Bush 41 had always told his son that it was fine to take different political positions than he had held. If you have to run away from me, he said, I’ll understand. Few things upset him. But there were limits. He was especially proud of his accomplishments during the 1991 Gulf War, none more so than his decision, after defeating Saddam in Kuwait, to refrain from marching on Baghdad to overthrow the brutal Iraqi dictator. Afterward, he wrote about it with coauthor Brent Scowcroft, his national security adviser, in “A World Transformed,” asserting that taking Baghdad would have incurred “incalculable human and political costs,” alienated allies, and transformed Americans from liberators into a hostile occupying power, forced to rule Iraq with no exit strategy. His own son’s folly had confirmed his wisdom, he felt.

But now his son had not only reversed his policies, he had taken things a step further. “The stakes are high …” the younger Bush told reporters on April 21. “And the Iraqi people are looking — they’re looking at America and saying, are we going to cut and run again?”

The unspoken etiquette of the Oval Office was that sitting and former presidents did not attack one another. “Cut and run” was precisely the phrase Bush 43 used to taunt his Democratic foes, but this time he had used it to take a swipe at his old man. Having returned recently from the Masters Golf Tournament in Augusta, Georgia, the elder Bush was eagerly looking forward to his celebrity-studded birthday bash in June. But, to his dismay, the media didn’t miss his son’s slight of him. On CNN, White House correspondent John King characterized the president’s speech as an apparent “criticism of his father’s choice at the end of the first Gulf War.” Thanks to a raft of election season books, the press was asking questions about whether there was a rift between father and son.

So on that brisk spring day, a friend of Bush 41’s dropped by the Memorial Drive offices and asked the former president how he felt about his son’s controversial remarks. The elder Bush was stoic and taciturn as usual. But it was clear that he was not merely insulted or offended — his son’s remark had struck at the very heart of his pride. “I don’t know what the hell that’s about,” George H.W. Bush said, “but I’m going to find out. Scowcroft is calling him right now.”

The battle lines between father and son had been drawn even before the Iraq War started — a discreet, sub-rosa conflict that was both deeply personal and profoundly political. In the balance hung policies that would kill and maim hundreds of thousands of people, create millions of refugees, destabilize a volatile region that contained the largest energy deposits on the planet, and change the geostrategic balance of power for years to come.

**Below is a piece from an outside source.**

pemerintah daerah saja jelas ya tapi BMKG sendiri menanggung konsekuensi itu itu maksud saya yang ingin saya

Ultimately, it was the greatest foreign policy disaster in American history — one that could result in the end of American global supremacy.

The two men shared overlapping résumés — schooling at Andover and Yale, membership in Skull and Bones, and an affinity for Texas and the oil business. But that’s about where the similarities end. From the privileged confines of Greenwich, Connecticut, where he was raised, to Walker’s Point, the Bush family summer compound in Kennebunkport where his family golfed and ate lobster on the rugged Maine coast, to the posh River Oaks section of Houston after they settled in Texas, George H.W. Bush epitomized a blue-blooded, old money, Eastern establishment ethos that was abhorrent to the Bible Belt. By contrast, his son had been a fish out of water among the Andover and Yale elite, and scurried back to the West Texas town of Midland after graduating from the Harvard Business School. Nothing made him happier than clearing brush off the Texas plains.

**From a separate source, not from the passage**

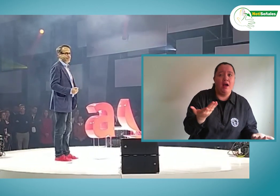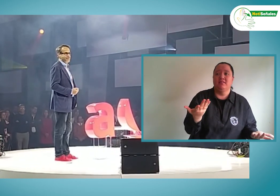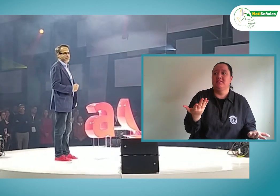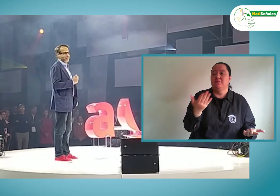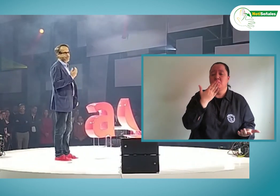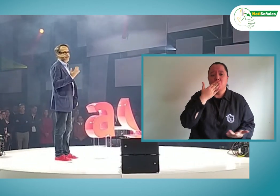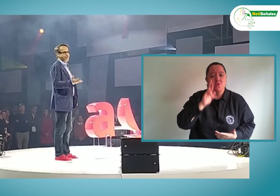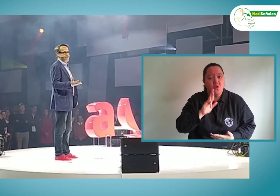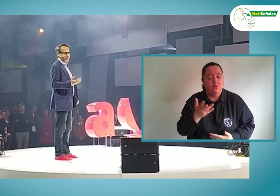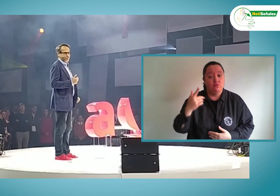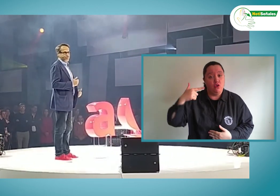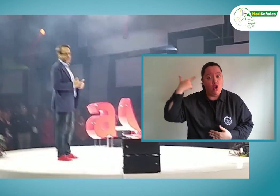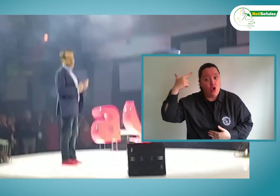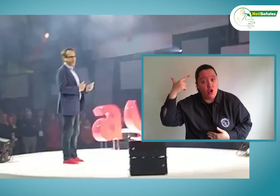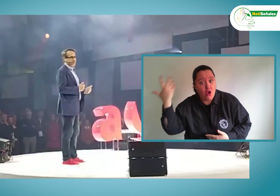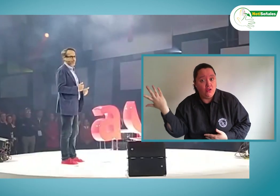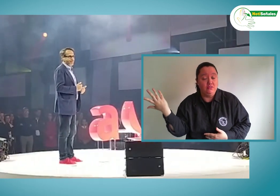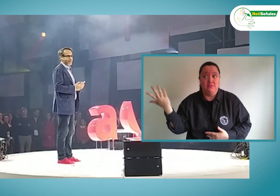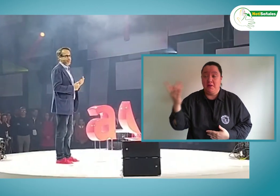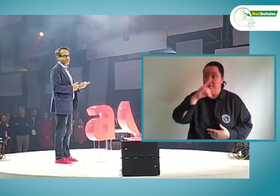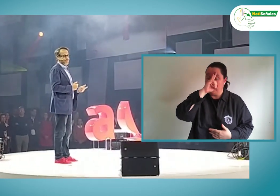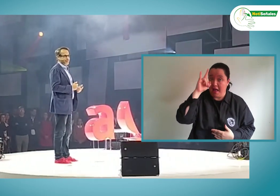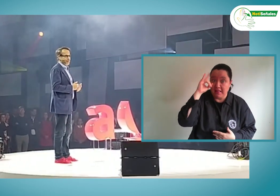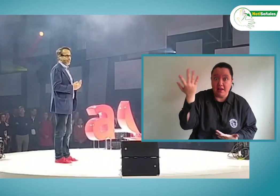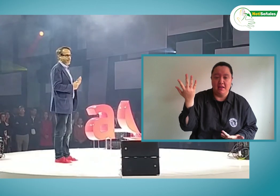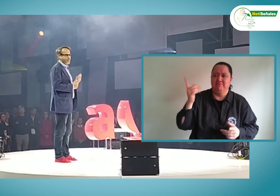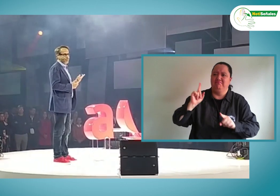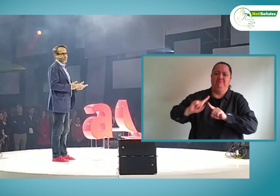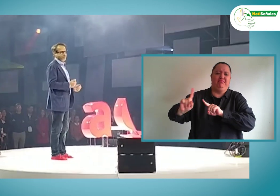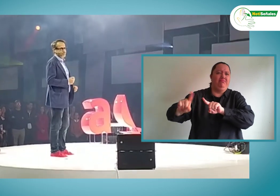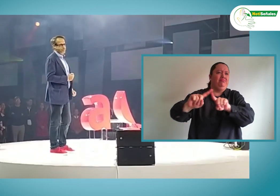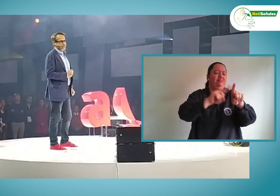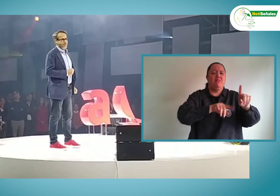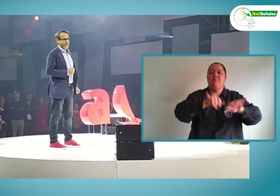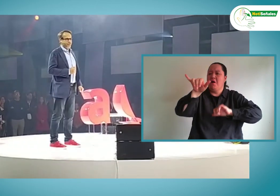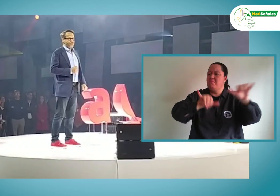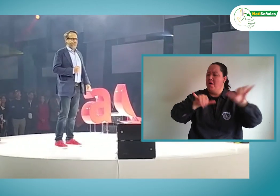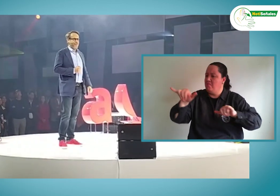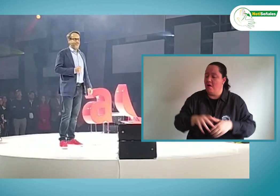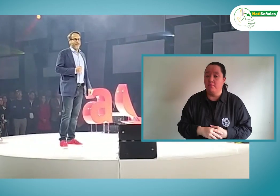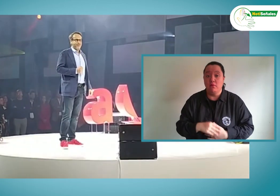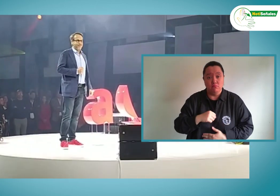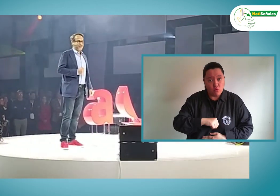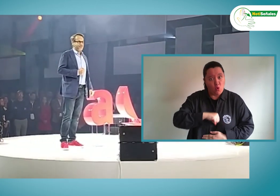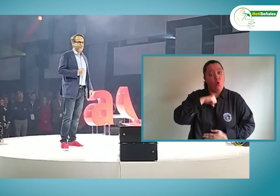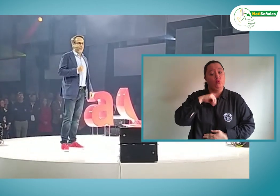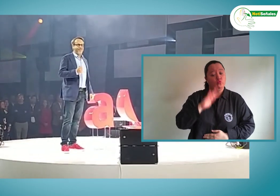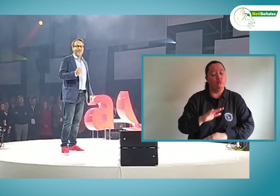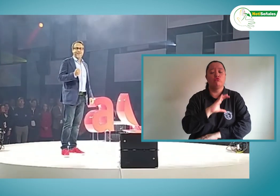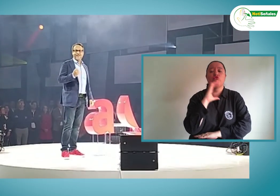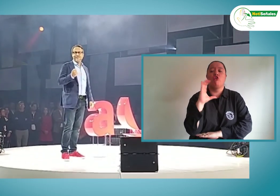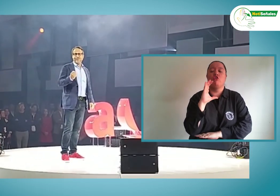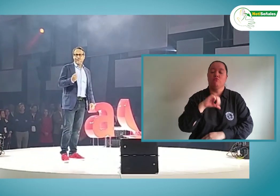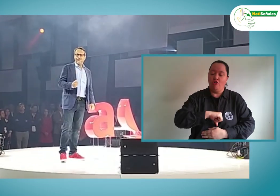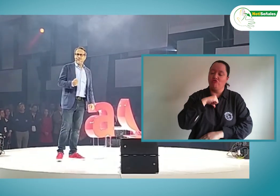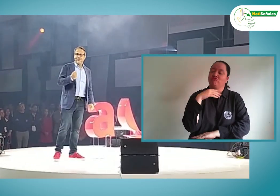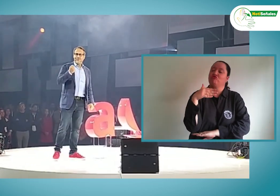a Leticia, a Londres, a Madrid, a Villamón y a los Iarapelas. Una Avianca que te lleva con orgullo

People who knew both men tended to favor the father. “Bush senior finds it impossible to strut, and Bush junior finds it impossible not to,” said Bob Strauss, the former chairman of the Democratic National Committee who served as ambassador to Moscow under Bush 41 and remained a loyal friend. “That’s the big difference between the two of them.”

More profoundly, they epitomized two diametrically opposed forces. On one side was the father, George H.W. Bush, a realist and a pragmatist whose domestic and foreign policies fit comfortably within the age-old American traditions of Jeffersonian democracy. On the other was his son George W. Bush, a radical evangelical poised to enact a vision of American exceptionalism shared by the Christian Right, who saw American destiny as ordained by God, and by neoconservative ideologues, who believed that America’s “greatness” was founded on “universal principles” that applied to all men and all nations — and gave America the right to change the world.

And so an extraordinary constrained nonconversation of sorts between father and son had ensued. Real content was expressed only via surrogates. In August 2002, more than seven months before the start of the Iraq War, Brent Scowcroft, a man of modest demeanor but of great intellectual resolve, was the first to speak out. At seventy-seven, Scowcroft conducted himself with a self-effacing manner that belied his considerable achievements. Ever the loyal retainer, he was the public voice of Bush 41, which meant he had the tacit approval of the former president. “They are two old friends who talk every day,” says Bob Strauss. “Scowcroft knew it wouldn’t terribly displease his friend.”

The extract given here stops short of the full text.